Indian Child Welfare Act (ICWA)

Native Americans have a rich history, tradition, and culture that ought to be preserved, regardless of who adopts them.  The sad truth is that much of this was lost by non-natives adopting Native Americans without regard to keeping these children connected to their family, community or culture.  The Indian Child Welfare Act (ICWA, 1978) governs foster care and adoption concerning Native American children.

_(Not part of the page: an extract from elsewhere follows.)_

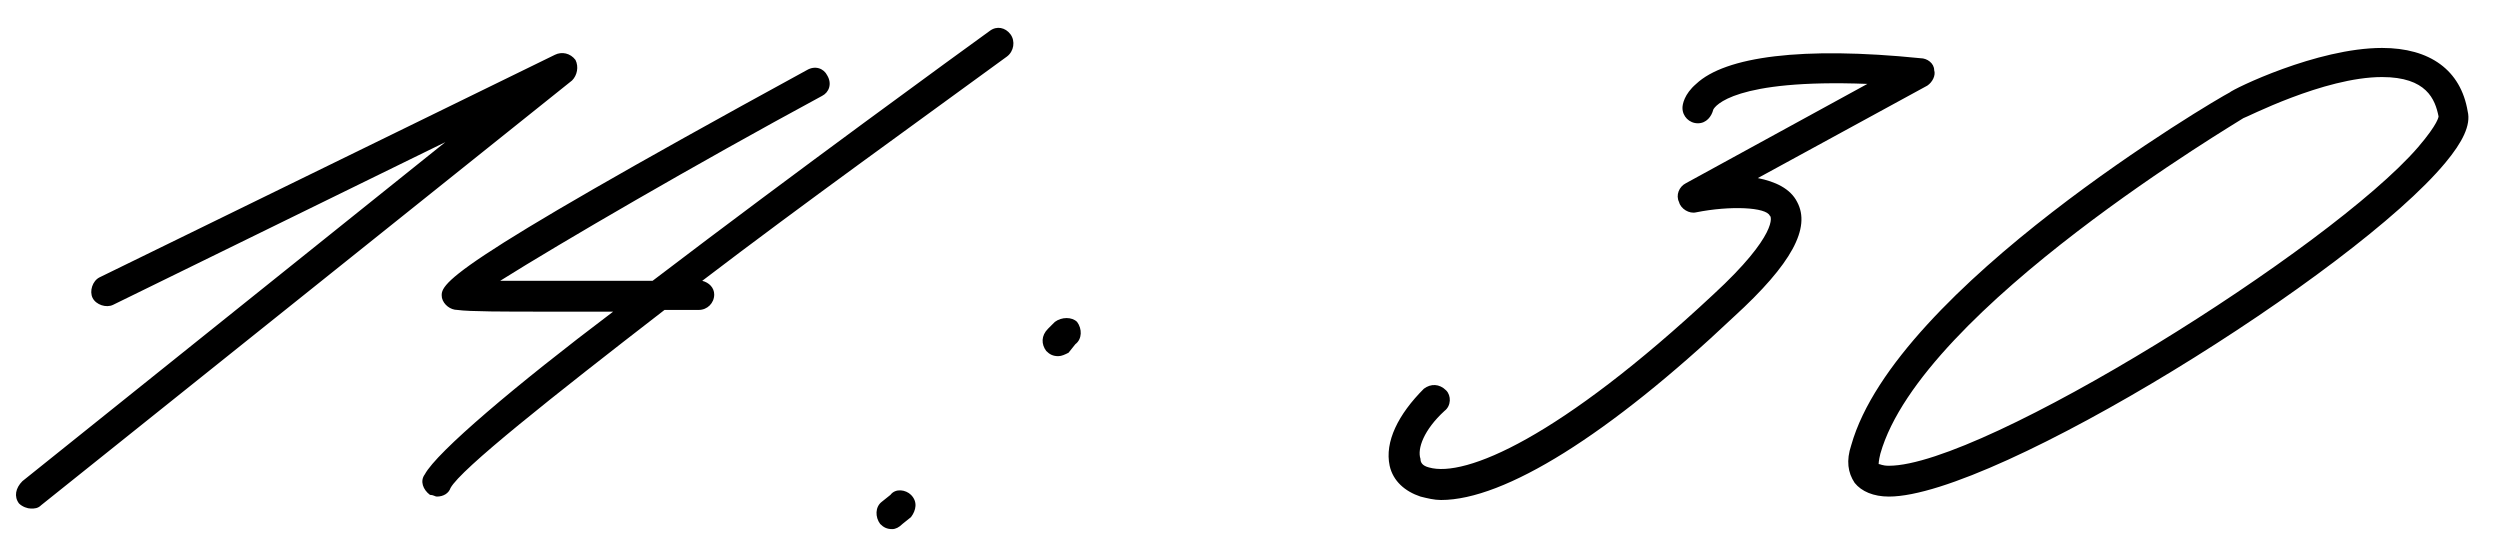 <?xml version="1.0" encoding="UTF-8"?> <svg xmlns="http://www.w3.org/2000/svg" width="73" height="16" viewBox="0 0 73 16" fill="none"><path d="M0.904 14.85C0.804 14.85 0.654 14.8 0.554 14.7C0.404 14.5 0.454 14.25 0.654 14.05L13.004 4.15L3.304 8.9C3.104 9 2.804 8.9 2.704 8.7C2.604 8.5 2.704 8.2 2.904 8.1L16.204 1.6C16.404 1.5 16.654 1.55 16.804 1.75C16.904 1.95 16.854 2.2 16.704 2.35L1.204 14.75C1.104 14.85 1.004 14.85 0.904 14.85ZM29.505 1C29.654 1.2 29.605 1.5 29.404 1.65C26.805 3.55 23.454 5.95 20.505 8.2C20.704 8.25 20.855 8.4 20.855 8.6C20.855 8.85 20.654 9.05 20.404 9.05H19.404C16.105 11.6 13.454 13.7 13.155 14.25C13.104 14.4 12.954 14.5 12.755 14.5C12.704 14.5 12.655 14.45 12.555 14.45C12.354 14.3 12.255 14.05 12.405 13.85C12.755 13.2 15.055 11.25 17.904 9.1H15.905C14.755 9.1 13.704 9.1 13.354 9.05C13.155 9.05 12.954 8.9 12.905 8.7C12.854 8.3 12.755 7.95 23.555 2.05C23.805 1.9 24.055 2 24.154 2.2C24.305 2.45 24.204 2.7 24.005 2.8C20.305 4.8 16.355 7.1 14.604 8.2H19.055C23.255 5 28.005 1.55 28.904 0.9C29.105 0.75 29.355 0.8 29.505 1ZM30.901 10.4C30.751 10.4 30.651 10.35 30.551 10.25C30.401 10.05 30.401 9.8 30.601 9.6L30.801 9.4C31.001 9.25 31.301 9.25 31.451 9.4C31.601 9.6 31.601 9.9 31.401 10.05L31.201 10.3C31.101 10.35 31.001 10.4 30.901 10.4ZM26.051 15.45C25.901 15.45 25.801 15.4 25.701 15.3C25.551 15.1 25.551 14.8 25.751 14.65L26.001 14.45C26.151 14.25 26.451 14.3 26.601 14.45C26.801 14.65 26.751 14.9 26.601 15.1L26.351 15.3C26.251 15.4 26.151 15.45 26.051 15.45ZM42.078 14.6C41.878 14.6 41.678 14.55 41.478 14.5C41.028 14.35 40.678 14.05 40.578 13.6C40.428 12.9 40.828 12.1 41.578 11.35C41.778 11.2 42.028 11.2 42.228 11.4C42.378 11.55 42.378 11.85 42.178 12C41.578 12.55 41.378 13.1 41.478 13.4C41.478 13.5 41.528 13.6 41.728 13.65C42.778 13.95 45.528 12.8 50.028 8.6C51.928 6.85 51.728 6.3 51.678 6.3C51.578 6.05 50.528 6 49.528 6.2C49.328 6.25 49.078 6.1 49.028 5.9C48.928 5.7 49.028 5.45 49.228 5.35L54.528 2.45C50.628 2.3 50.078 3.1 50.028 3.2C49.978 3.4 49.828 3.6 49.578 3.6C49.328 3.6 49.128 3.4 49.128 3.15C49.128 3.05 49.178 2.75 49.528 2.45C50.378 1.65 52.628 1.35 56.078 1.7C56.278 1.7 56.478 1.85 56.478 2.05C56.528 2.2 56.428 2.4 56.278 2.5L51.328 5.2C51.828 5.3 52.278 5.5 52.478 5.9C52.878 6.65 52.328 7.7 50.628 9.25C46.978 12.7 43.928 14.6 42.078 14.6ZM55.156 14.5C54.706 14.5 54.356 14.35 54.156 14.1C53.956 13.8 53.906 13.45 54.056 13C55.356 8.4 64.706 2.9 65.106 2.7C65.206 2.6 67.656 1.4 69.556 1.4C70.956 1.4 71.856 2.05 72.056 3.25C72.156 3.65 71.906 4.15 71.406 4.75C68.756 7.95 58.256 14.5 55.156 14.5ZM55.156 13.6C57.906 13.6 68.056 7.25 70.606 4.3C71.206 3.6 71.206 3.4 71.206 3.4C71.106 2.9 70.856 2.25 69.556 2.25C67.856 2.25 65.556 3.45 65.506 3.45C65.456 3.5 56.106 9 54.906 13.25C54.856 13.45 54.856 13.55 54.856 13.55C54.906 13.55 54.956 13.6 55.156 13.6Z" fill="black"></path></svg>

ICWA was brought into existence due to historical injustices that many Native communities suffered through over the years.  As recently as 1978, 25-35% of Native American children were removed from their homes by state child welfare agencies. Of those, 85% were placed outside of their families and communities even when able and fit relatives were available to care for the children.  ICWA places protections on Native children against unscrupulous and biased child welfare practices and ensures that voluntary adoptions are truly voluntary.  If you wish to foster or adopt a Native American baby, you must abide by ICWA.

Indian Registration

If you are a registered member of a Native American community and the child you wish to care for is also a registered member, then all you need to do is contact the Tribal Social Services to determine how to get started.  Each tribe has different rules and laws regarding child welfare.

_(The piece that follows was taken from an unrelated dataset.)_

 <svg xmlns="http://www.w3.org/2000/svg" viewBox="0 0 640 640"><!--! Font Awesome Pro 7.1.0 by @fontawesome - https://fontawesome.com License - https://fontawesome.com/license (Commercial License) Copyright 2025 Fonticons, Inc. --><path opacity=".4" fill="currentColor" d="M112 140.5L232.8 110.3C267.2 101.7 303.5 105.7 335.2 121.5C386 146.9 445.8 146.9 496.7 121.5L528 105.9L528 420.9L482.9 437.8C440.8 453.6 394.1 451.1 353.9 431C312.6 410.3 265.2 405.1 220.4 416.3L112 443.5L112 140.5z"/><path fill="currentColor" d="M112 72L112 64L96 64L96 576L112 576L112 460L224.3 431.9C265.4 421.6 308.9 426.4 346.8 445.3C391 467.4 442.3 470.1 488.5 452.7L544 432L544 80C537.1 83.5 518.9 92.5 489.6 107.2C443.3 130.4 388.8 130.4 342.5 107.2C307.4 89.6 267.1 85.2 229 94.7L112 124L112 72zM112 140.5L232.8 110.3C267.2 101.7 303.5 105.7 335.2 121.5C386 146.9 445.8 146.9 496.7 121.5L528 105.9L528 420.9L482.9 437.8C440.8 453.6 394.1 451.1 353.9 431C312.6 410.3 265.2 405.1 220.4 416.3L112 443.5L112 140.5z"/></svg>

Fostering a Native American Baby

So, how do you get started on providing foster care for a Native American baby?  First of all, realize what foster care is: a temporary placement of a child who has experienced abuse, neglect, or abandonment.  Abuse can be anything from physical abuse to sexual abuse. Neglect means that the primary caregiver (the biological parents) were unable or unwilling to provide daily care for the child such as food or shelter.  It can also mean that the primary caregiver exposed the child to things or other persons that were dangerous such as drugs. It may also mean the biological mom consumed drugs while pregnant. When this is detected by a mandated reporter, such as a medical professional, or a social worker, etcetera,  Child Protective Services becomes involved, and the child may be removed and placed in a foster home. If the child is Native American and resides on a Native American reservation, then that tribe takes jurisdiction and will be placed in a relative or foster home on that reservation. If the child is Native American and does not reside on a Native American reservation but is registered with a Native American tribe, both the state CPS and that tribe can become involved.  Best efforts must be made to search for an appropriate relative or Native American foster home, but if this is not possible, a non-native home may be chosen.  If a non-native home is chosen, best efforts must be made to keep the child as connected to his culture as possible.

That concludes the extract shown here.